Coding Style & Naming Conventions
Follow PEP 8: four-space indentation, snake_case functions, Upper_Snake constants. Module-level configuration such as column names or separators (SEPARATOR = "|||") should be defined once and imported where needed. Preserve spreadsheet column spelling because pandas filters depend on exact casing. When expanding functionality, keep CLI argument names lowercase with hyphenated long options for consistency.
Testing Guidelines
Testing is empirical: rerun quick_start.py and the specific script you edited, then compare row counts, unique IDs, and timing stats against previous outputs. Use lightweight fixtures copied from data/input/ to isolate regressions, and treat script warnings or pandas SettingWithCopy notices as failures until they are explained.

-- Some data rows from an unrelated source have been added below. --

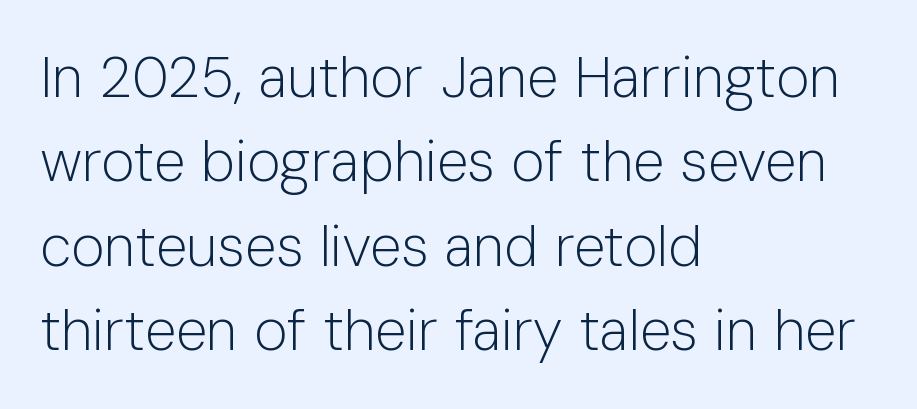
The image shows 57 px light sans-serif type, upright; set left-aligned, normal line spacing (1.48x), normal letter spacing, not underlined; low stroke contrast and a medium x-height.
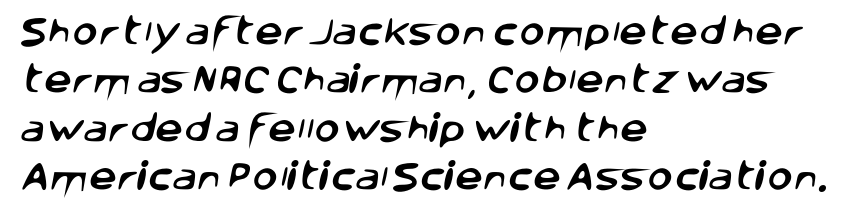
Q: Is the typeface a serif or a sans-serif typeface? A: Sans-serif.
Q: Is the text underlined? A: No.
Q: How is the paragraph aligned? A: Left-aligned.
Q: Is the spacing between letters normal or unusually wide? A: Normal.
Q: Is the spacing between lines tight, normal or loose? A: Normal.
Q: Width (condensed, normal, or wide)? A: Normal.
Q: Stroke contrast? A: Low.
Q: x-height? A: Large.
Q: Monospaced? A: No.
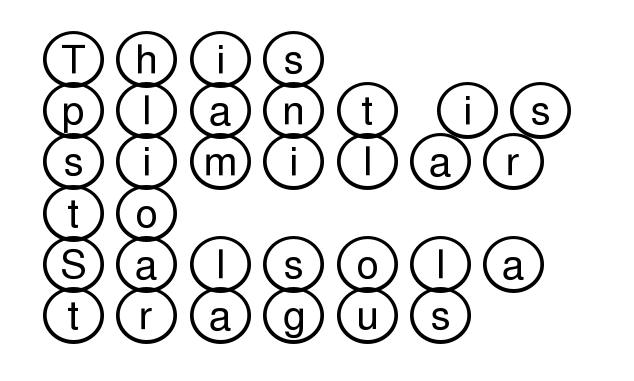
Q: Is the text italic (slanted)? A: No, it is upright.
Q: Is the text underlined? A: No.
Q: How is the paragraph aligned? A: Left-aligned.
Q: Is the spacing between letters normal or unusually wide? A: Unusually wide.
Q: Is the spacing between lines tight, normal or loose? A: Normal.
Q: Width (condensed, normal, or wide)? A: Wide.
Q: x-height? A: Large.
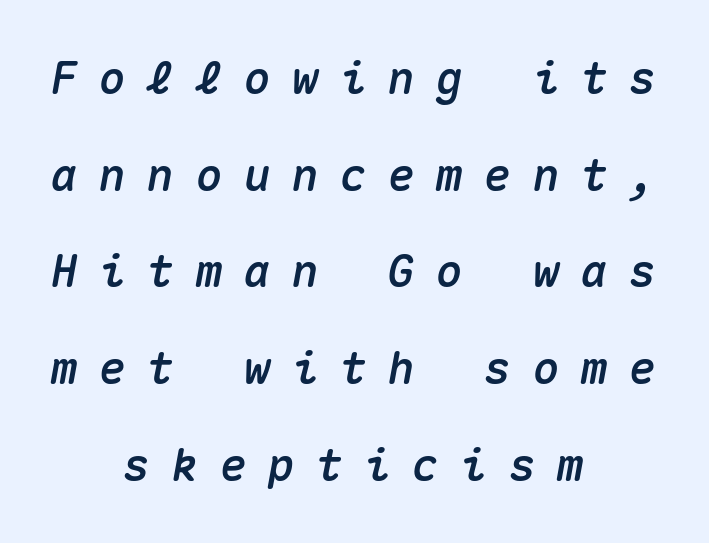
{"italic": "yes", "lean": "right", "slant_degrees": 10, "width": "normal", "stroke_contrast": "medium", "x_height": "medium", "monospaced": "yes", "underline": "no", "align": "center", "line_spacing": "loose", "line_spacing_ratio": 2.15, "letter_spacing": "wide", "letter_spacing_em": 0.47, "glyph_px": 45}
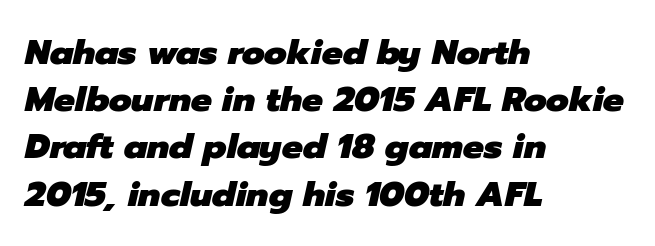
Notice how descenders clear the ascenders below comfortably — that's standard leading. One-word summary of the alignment: left. Characters are canted at an angle relative to the baseline's perpendicular. The zone under the glyphs is completely vacant.
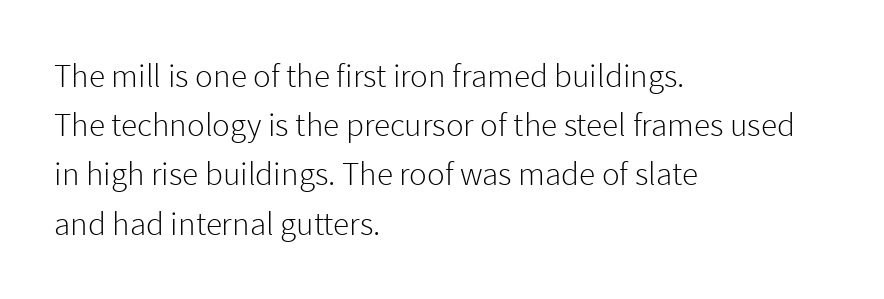
One glance says typical: line gaps are just what's usual. Is this a heavy cut? Hardly; it is regular or lighter. The rendering shows plain stroke endings on the letterforms — a sans-serif design. Does the lettering tilt? It doesn't — this is upright. Letter spacing: default. The space directly below the letters is spotless.
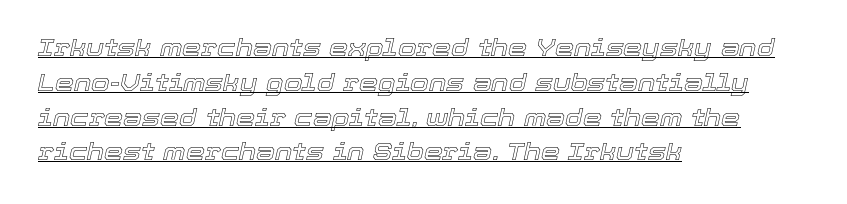
{"italic": "yes", "lean": "right", "slant_degrees": 12, "underline": "yes", "align": "left", "line_spacing": "normal", "line_spacing_ratio": 1.45, "letter_spacing": "normal", "letter_spacing_em": 0.0, "glyph_px": 24}
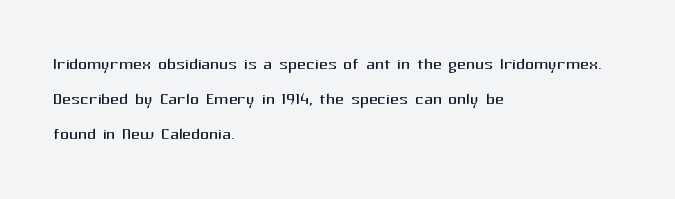
The image shows 22 px text type, upright; set left-aligned, normal line spacing (1.58x), normal letter spacing, not underlined.
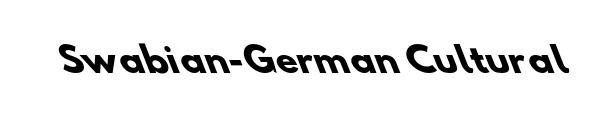
The image shows 35 px heavy sans-serif type; set normal letter spacing, not underlined; low stroke contrast and a small x-height.
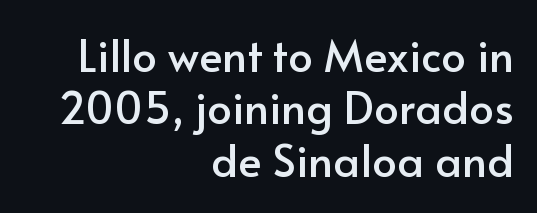
{"serif": "no", "italic": "no", "width": "normal", "stroke_contrast": "low", "x_height": "small", "monospaced": "no", "underline": "no", "align": "right", "line_spacing_ratio": 1.19, "letter_spacing": "normal", "letter_spacing_em": 0.0, "glyph_px": 44}
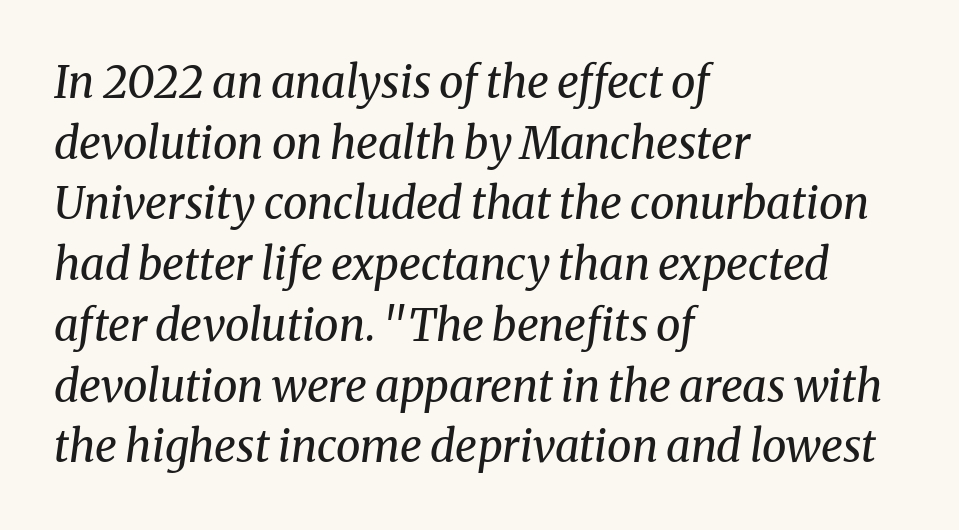
Q: Is the text bold? A: No.
Q: Is the text italic (slanted)? A: Yes, it leans right by about 8 degrees.
Q: Is the typeface a serif or a sans-serif typeface? A: Serif.
Q: Is the text underlined? A: No.
Q: How is the paragraph aligned? A: Left-aligned.
Q: Is the spacing between letters normal or unusually wide? A: Normal.
Q: Is the spacing between lines tight, normal or loose? A: Normal.
Q: Width (condensed, normal, or wide)? A: Normal.
Q: Stroke contrast? A: Medium.
Q: x-height? A: Medium.
Q: Monospaced? A: No.
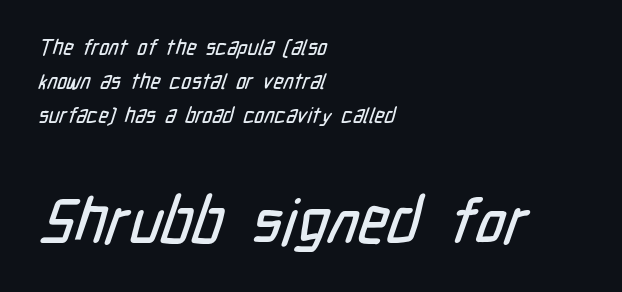
The image shows 63 px condensed sans-serif type; set left-aligned, normal line spacing (1.63x), normal letter spacing, not underlined; the second (bottom) block is 3.0x larger; low stroke contrast and a medium x-height.
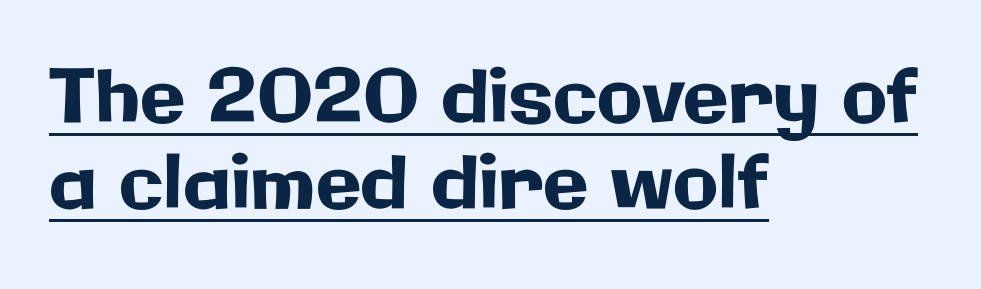
{"serif": "no", "italic": "no", "width": "normal", "stroke_contrast": "low", "x_height": "medium", "monospaced": "no", "underline": "yes", "align": "left", "line_spacing_ratio": 1.16, "letter_spacing": "normal", "letter_spacing_em": 0.0, "glyph_px": 74}
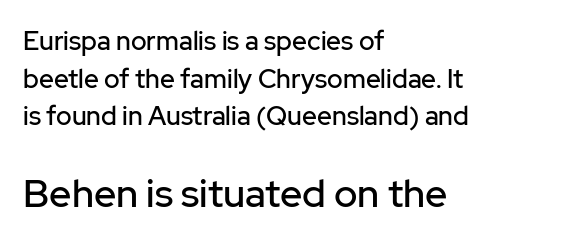
{"serif": "no", "italic": "no", "width": "normal", "stroke_contrast": "low", "x_height": "medium", "monospaced": "no", "underline": "no", "align": "left", "line_spacing": "normal", "line_spacing_ratio": 1.45, "letter_spacing": "normal", "letter_spacing_em": 0.0, "larger_block": "second", "size_ratio": 1.5, "glyph_px": 39}
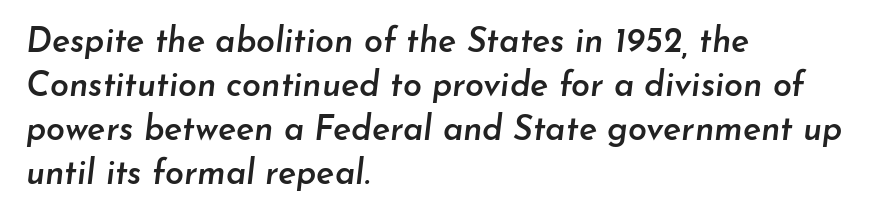
The image shows 34 px semibold type, italic (leaning right); set left-aligned, normal line spacing (1.29x), normal letter spacing, not underlined; low stroke contrast and a small x-height.

Commit & Pull Request Guidelines
Git history is not distributed with this bundle, so default to Conventional Commit subjects (feat: add cas normalizer, fix: guard empty rows). Each PR should list the commands executed, describe the input data used, and reference any README or data/ updates. Link tracking tickets, attach screenshots of spreadsheet diffs when UI proof is needed, and keep binary artifacts out of the diff by adding them to .gitignore if necessary.
Security & Configuration Tips
Never commit real API keys or sensitive spreadsheets; point reviewers to sanitized snippets instead. Load secrets with export $(cat config.env.example | xargs) or a dedicated .env loader rather than embedding them in code. Generated Excel files may contain investigative evidence, so confine them to data/output/ and scrub PII when sharing externally.